§ Exercise description
Nothing but the lines from the one containing "Elapsed time from image 1: 5.2 seconds." through the end of the data below should appear in the answer, each exact and free of pictures.

§ Data for the task
· · · · ·

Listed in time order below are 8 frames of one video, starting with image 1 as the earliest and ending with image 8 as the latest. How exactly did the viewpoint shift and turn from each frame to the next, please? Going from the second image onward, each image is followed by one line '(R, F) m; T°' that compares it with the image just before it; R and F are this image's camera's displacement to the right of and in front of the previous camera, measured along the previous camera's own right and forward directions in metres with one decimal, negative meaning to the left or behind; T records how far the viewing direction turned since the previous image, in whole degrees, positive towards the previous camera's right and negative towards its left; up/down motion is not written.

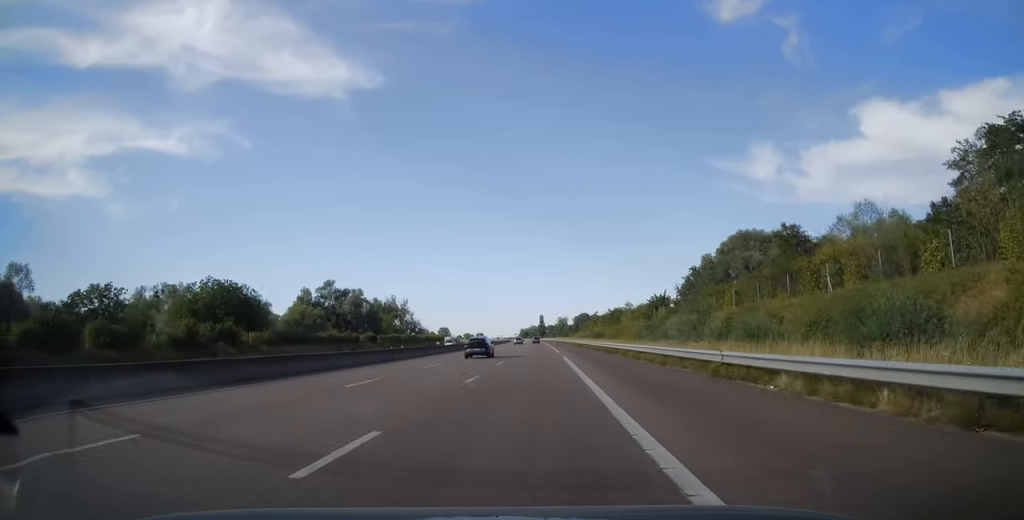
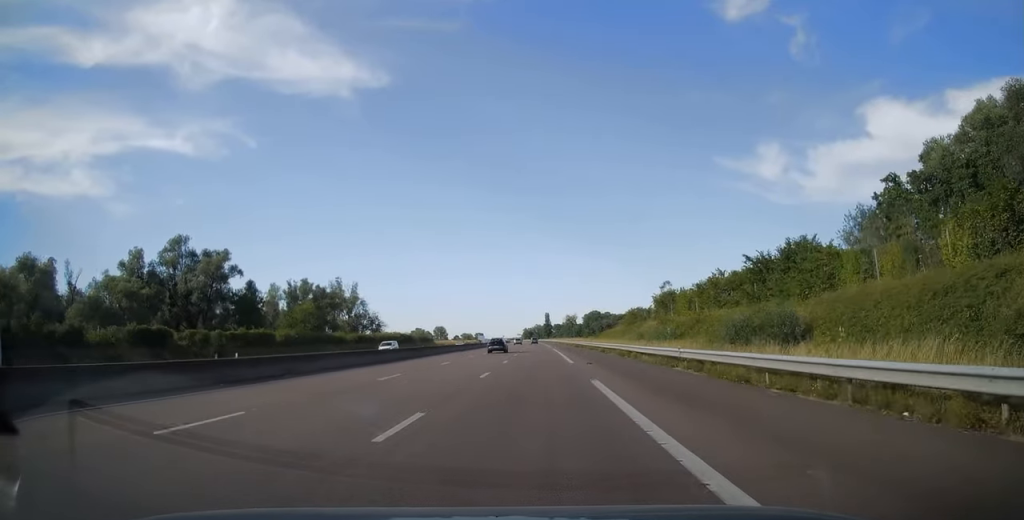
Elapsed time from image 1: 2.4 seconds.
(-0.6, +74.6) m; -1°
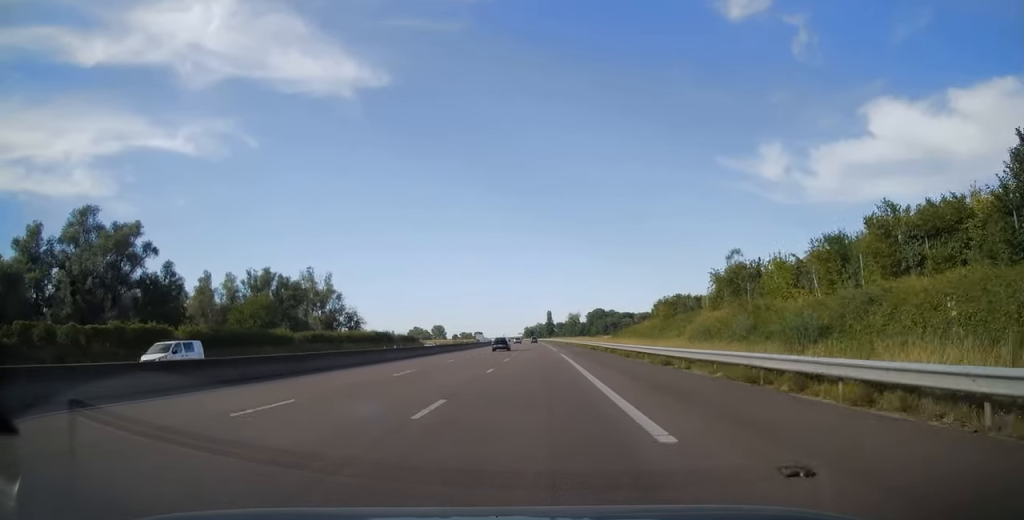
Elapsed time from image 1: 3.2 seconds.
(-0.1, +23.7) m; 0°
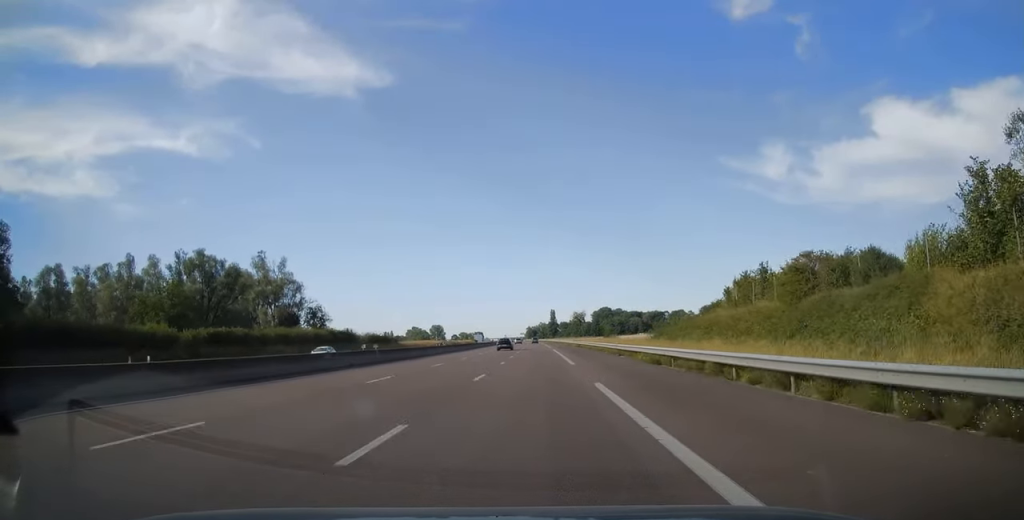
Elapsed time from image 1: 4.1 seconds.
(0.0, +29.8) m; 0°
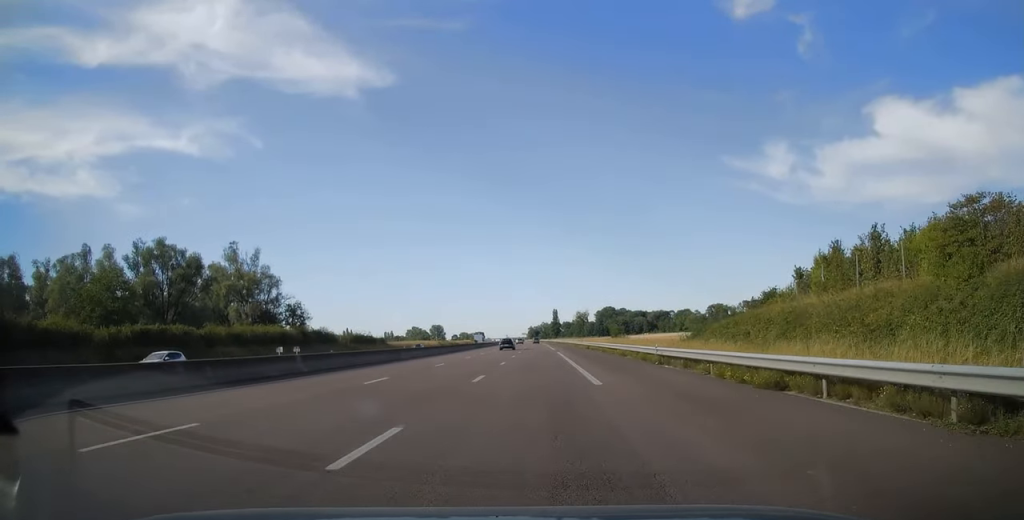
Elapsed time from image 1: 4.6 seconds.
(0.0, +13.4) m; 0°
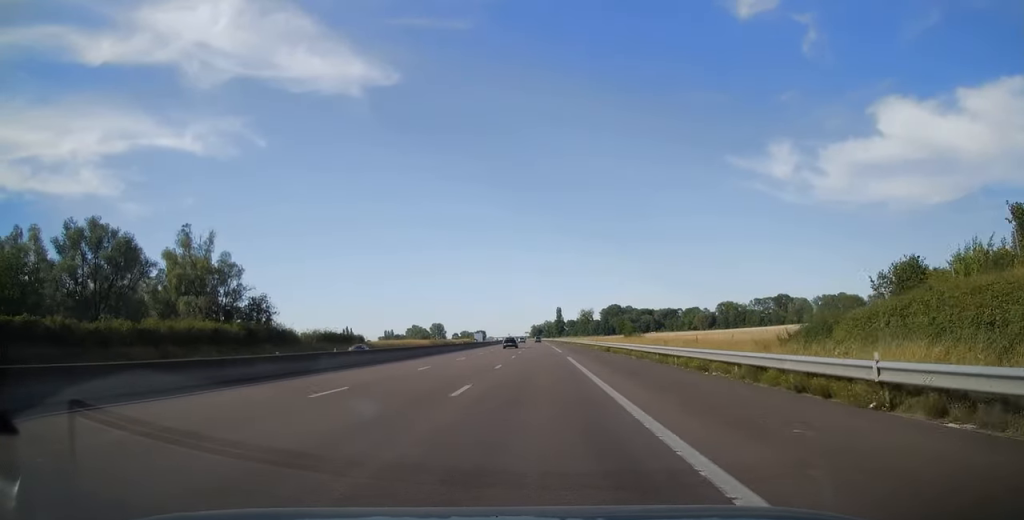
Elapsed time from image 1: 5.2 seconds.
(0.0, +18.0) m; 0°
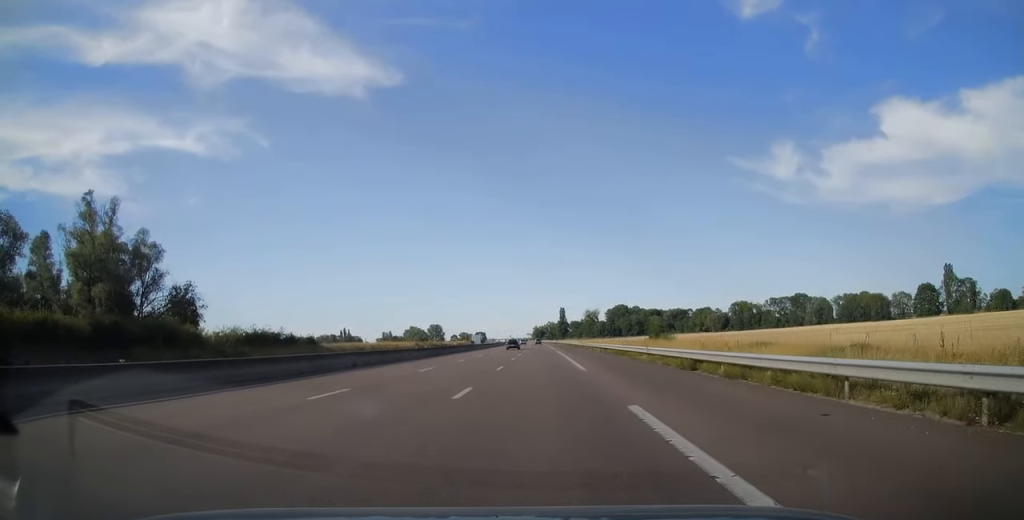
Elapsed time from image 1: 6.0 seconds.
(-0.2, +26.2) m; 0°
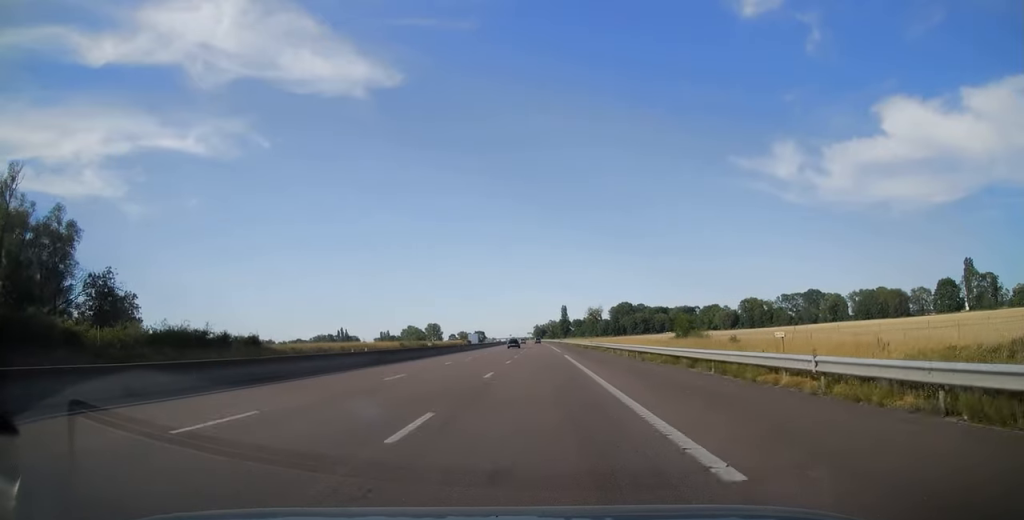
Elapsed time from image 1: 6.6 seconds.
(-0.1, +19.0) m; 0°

· · · · ·

§ Task response
Elapsed time from image 1: 5.2 seconds.
(0.0, +18.0) m; 0°
Elapsed time from image 1: 6.0 seconds.
(-0.2, +26.2) m; 0°
Elapsed time from image 1: 6.6 seconds.
(-0.1, +19.0) m; 0°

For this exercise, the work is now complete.